Please return every line in the entries below with the word "linecap" in it.

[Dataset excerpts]
-- Opening Marker --
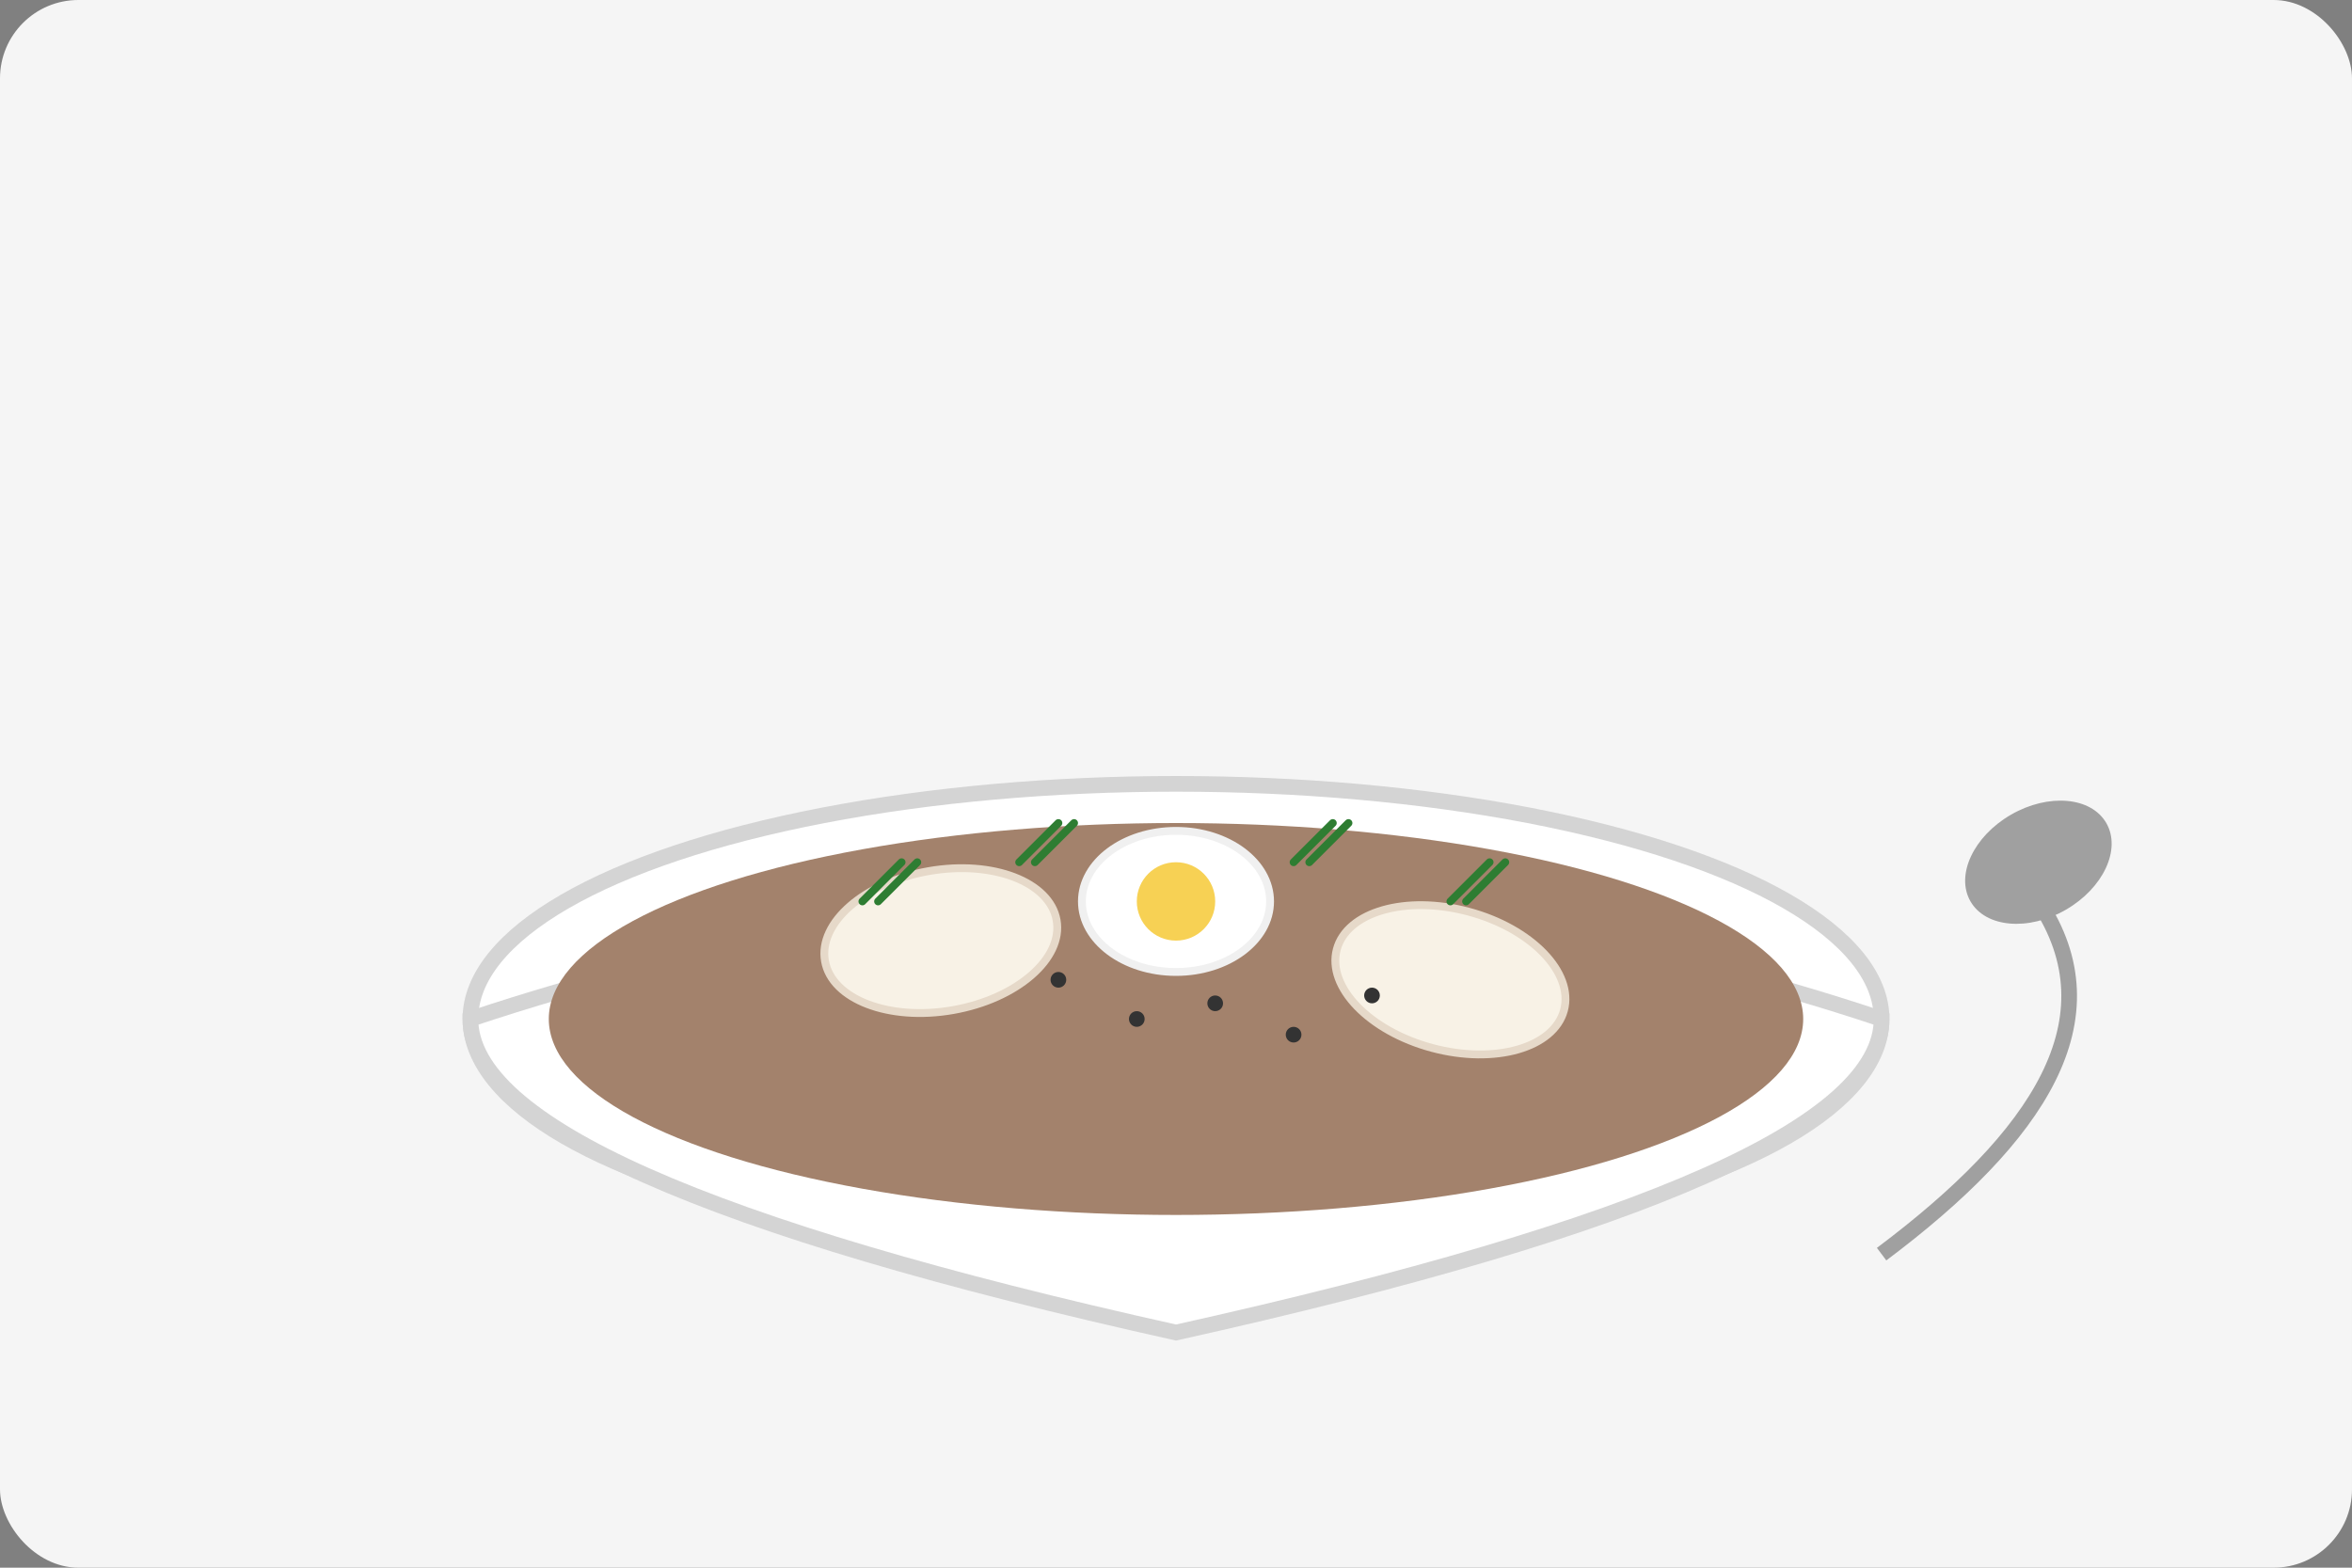 <svg xmlns="http://www.w3.org/2000/svg" width="300" height="200" viewBox="0 0 300 200">
  <rect x="0" y="0" width="300" height="200" fill="#808080" stroke="none"/>
  <!-- Background -->
  <rect width="300" height="200" fill="#f5f5f5" rx="10" ry="10"/>
  
  <!-- Bowl -->
  <ellipse cx="150" cy="130" rx="90" ry="30" fill="#ffffff" stroke="#d4d4d4" stroke-width="2"/>
  <path d="M60 130 Q150 100, 240 130 Q240 150, 150 170 Q60 150, 60 130 Z" fill="#ffffff" stroke="#d4d4d4" stroke-width="2"/>
  
  <!-- Żurek Soup -->
  <ellipse cx="150" cy="130" rx="80" ry="25" fill="#a3826c"/>
  
  <!-- White sausage slices -->
  <ellipse cx="120" cy="120" rx="15" ry="9" fill="#f8f2e6" stroke="#e6d9c9" stroke-width="1" transform="rotate(-10,120,120)"/>
  <ellipse cx="185" cy="125" rx="15" ry="9" fill="#f8f2e6" stroke="#e6d9c9" stroke-width="1" transform="rotate(15,185,125)"/>
  
  <!-- Egg halves -->
  <ellipse cx="150" cy="115" rx="12" ry="9" fill="#ffffff" stroke="#f0f0f0" stroke-width="1"/>
  <ellipse cx="150" cy="115" rx="5" ry="5" fill="#f7d154"/>
  
  <!-- Herbs and spices on top -->
  <path d="M110 115 L115 110 M112 115 L117 110" stroke="#2e7d32" stroke-width="1" stroke-linecap="round"/>
  <path d="M130 110 L135 105 M132 110 L137 105" stroke="#2e7d32" stroke-width="1" stroke-linecap="round"/>
  <path d="M165 110 L170 105 M167 110 L172 105" stroke="#2e7d32" stroke-width="1" stroke-linecap="round"/>
  <path d="M185 115 L190 110 M187 115 L192 110" stroke="#2e7d32" stroke-width="1" stroke-linecap="round"/>
  
  <!-- Black pepper specks -->
  <circle cx="135" cy="125" r="1" fill="#333"/>
  <circle cx="145" cy="130" r="1" fill="#333"/>
  <circle cx="155" cy="128" r="1" fill="#333"/>
  <circle cx="165" cy="132" r="1" fill="#333"/>
  <circle cx="175" cy="127" r="1" fill="#333"/>
  
  <!-- Spoon -->
  <path d="M240 160 C260 145, 270 130, 260 115" stroke="#a0a0a0" stroke-width="2" fill="none"/>
  <ellipse cx="260" cy="110" rx="10" ry="7" fill="#a0a0a0" transform="rotate(-30,260,110)"/>
</svg>
-- Closing Marker --
Solution:
  <path d="M110 115 L115 110 M112 115 L117 110" stroke="#2e7d32" stroke-width="1" stroke-linecap="round"/>
  <path d="M130 110 L135 105 M132 110 L137 105" stroke="#2e7d32" stroke-width="1" stroke-linecap="round"/>
  <path d="M165 110 L170 105 M167 110 L172 105" stroke="#2e7d32" stroke-width="1" stroke-linecap="round"/>
  <path d="M185 115 L190 110 M187 115 L192 110" stroke="#2e7d32" stroke-width="1" stroke-linecap="round"/>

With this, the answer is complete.